Reputation: 715
An example dataframe:
example_df = data.frame(Gene.names = c("A", "B"),
Score = c("3.69,2.97,2.57,3.09,2.94",
"3.99,2.27,2.89,2.89,2.00,2.52,2.09,2.83"),
ResidueAA = c("S", "Y"),
ResidueNo = c(3, 3),
Sequence = c("MSSYT", "MSSYTRAP") )
I want to check if the character at ResidueAA column at the position at ResidueNo column matches with the corresponding position in the ‘Sequence’ column. The output should be another column, say, ‘Check’ with a Yes or No.
This is working code:
example_df$Check=sapply(1:nrow(example_df),FUN=function(i){d=example_df[i,]; substr(d$Sequence,d$ResidueNo,d$ResidueNo)==d$ResidueAA})

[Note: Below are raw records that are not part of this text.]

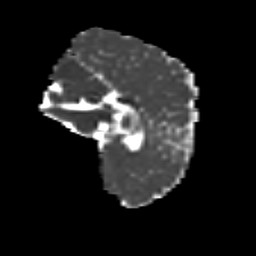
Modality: MD
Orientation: sagittal
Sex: female
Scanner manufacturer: siemens
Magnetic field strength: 3 T
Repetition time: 5 s
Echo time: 0.071 s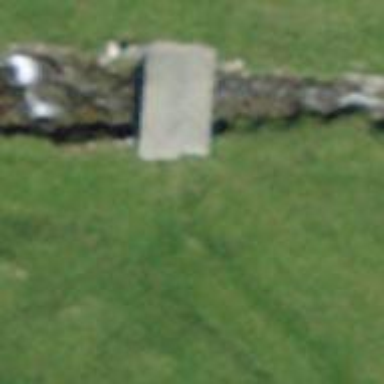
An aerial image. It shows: Grade 5 track on bridge.
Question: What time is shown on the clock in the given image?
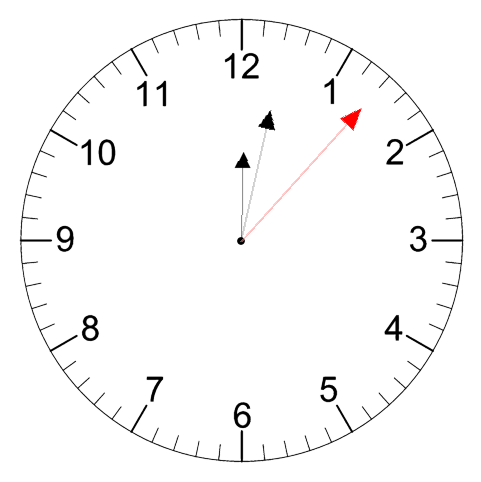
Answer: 12:02:07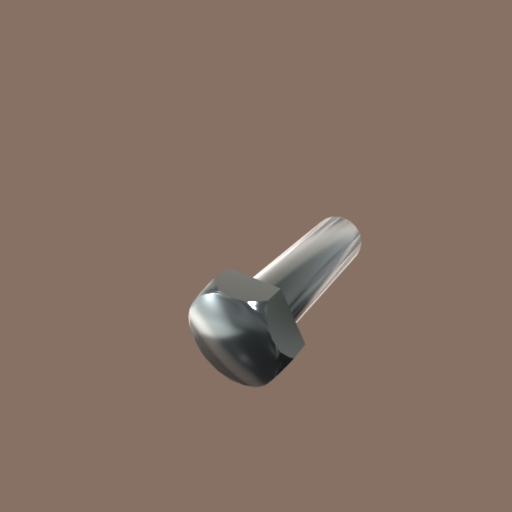
Label: bolt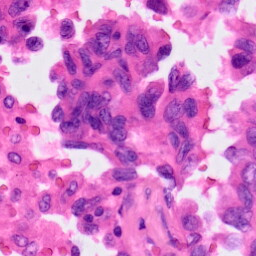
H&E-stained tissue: Lung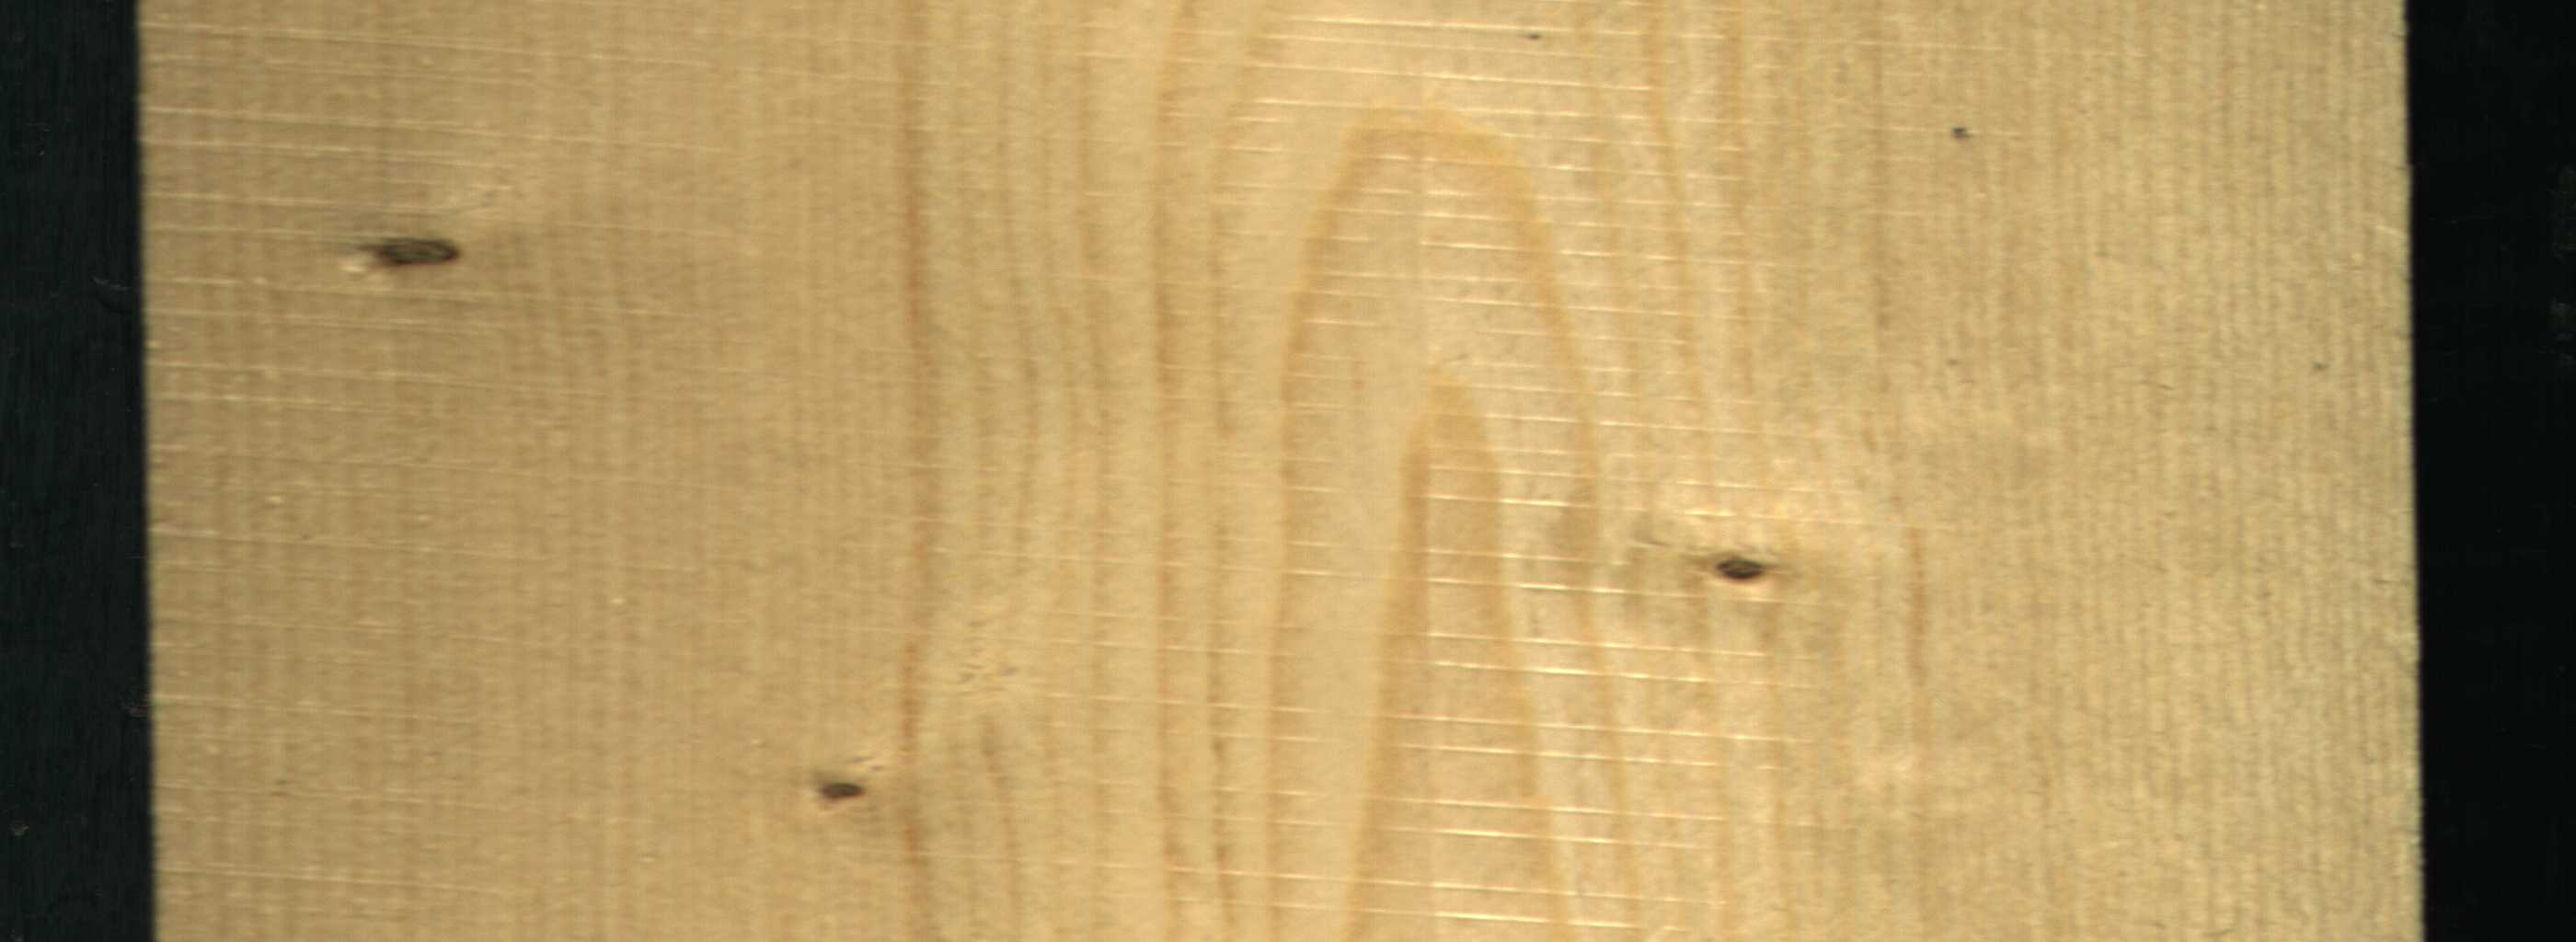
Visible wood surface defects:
Live_Knot
Live_Knot
Live_Knot

Is there an easier/elegant way to do this? Ideally, I want something that works within a dplyr pipe. Also, related to this, how can I extract the corresponding value from the 'Score' column into a new column, say, 'Score_1'?
Thanks
Upvotes: 1
Views: 106
Reputation: 887231
We can use substr
directly
library(dplyr)
example_df %>%
mutate(Check = substr(Sequence, ResidueNo, ResidueNo) == ResidueAA)
-output
# Gene.names Score ResidueAA ResidueNo Sequence Check
#1 A 3.69,2.97,2.57,3.09,2.94 S 3 MSSYT TRUE
#2 B 3.99,2.27,2.89,2.89,2.00,2.52,2.09,2.83 Y 3 MSSYTRAP FALSE
To create a new column with match
ing 'Score', use match
to get the corresponding index instead of ==
(which does an elementwise comparison) and use the index for extracting the 'Score' element
example_df %>%
mutate(Score2 = Score[match(ResidueAA,
substr(Sequence, ResidueNo, ResidueNo), ResidueAA)])
-output
#Gene.names Score ResidueAA ResidueNo Sequence
#1 A 3.69,2.97,2.57,3.09,2.94 S 3 MSSYT
#2 B 3.99,2.27,2.89,2.89,2.00,2.52,2.09,2.83 Y 3 MSSYTRAP
# Score2
#1 3.69,2.97,2.57,3.09,2.94
#2 <NA>
Based on the comments, we need to extract the corresponding element of 'Score' based on the 'ResidueNo' if
the substr
ing values of 'Sequence' is the same as the 'ResidueAA'. This can be done by splitting the 'Score' with strsplit
into a list
, extract the first element ([[1]]
- after a rowwise
operation) and then use the 'ResidueNo' to get the splitted word on that location
example_df %>%
rowwise %>%
mutate(Score2 = if(substr(Sequence, ResidueNo, ResidueNo) ==
ResidueAA) strsplit(Score, ",")[[1]][ResidueNo] else NA_character_) %>%
ungroup
-output
# A tibble: 2 x 6
# Gene.names Score ResidueAA ResidueNo Sequence Score2
# <chr> <chr> <chr> <dbl> <chr> <chr>
#1 A 3.69,2.97,2.57,3.09,2.94 S 3 MSSYT 2.57
#2 B 3.99,2.27,2.89,2.89,2.00,2.52,2.09,2.83 Y 3 MSSYTRAP <NA>
Or another option is separate_rows
to split the rows to expand the data, then do a group by 'Gene.names', `summarise to get the corresponding 'Score2' element (similar to previous solution) and do a join with the original dataset
library(tidyr)
example_df %>%
separate_rows(Score, sep= ",") %>%
group_by(Gene.names) %>%
summarise(Score2 = if(substr(first(Sequence), first(ResidueNo), first(ResidueNo)) ==
first(ResidueAA)) Score[first(ResidueNo)] else
NA_character_, .groups = 'drop') %>%
right_join(example_df)
Upvotes: 1
Reputation: 8506
To get an individual score, you would need to split the string and return the index corresponding to the position. You could vectorize this, e.g.:
getScore <- Vectorize(function(x, pos) unlist(strsplit(x, ",", TRUE), use.names = FALSE)[pos])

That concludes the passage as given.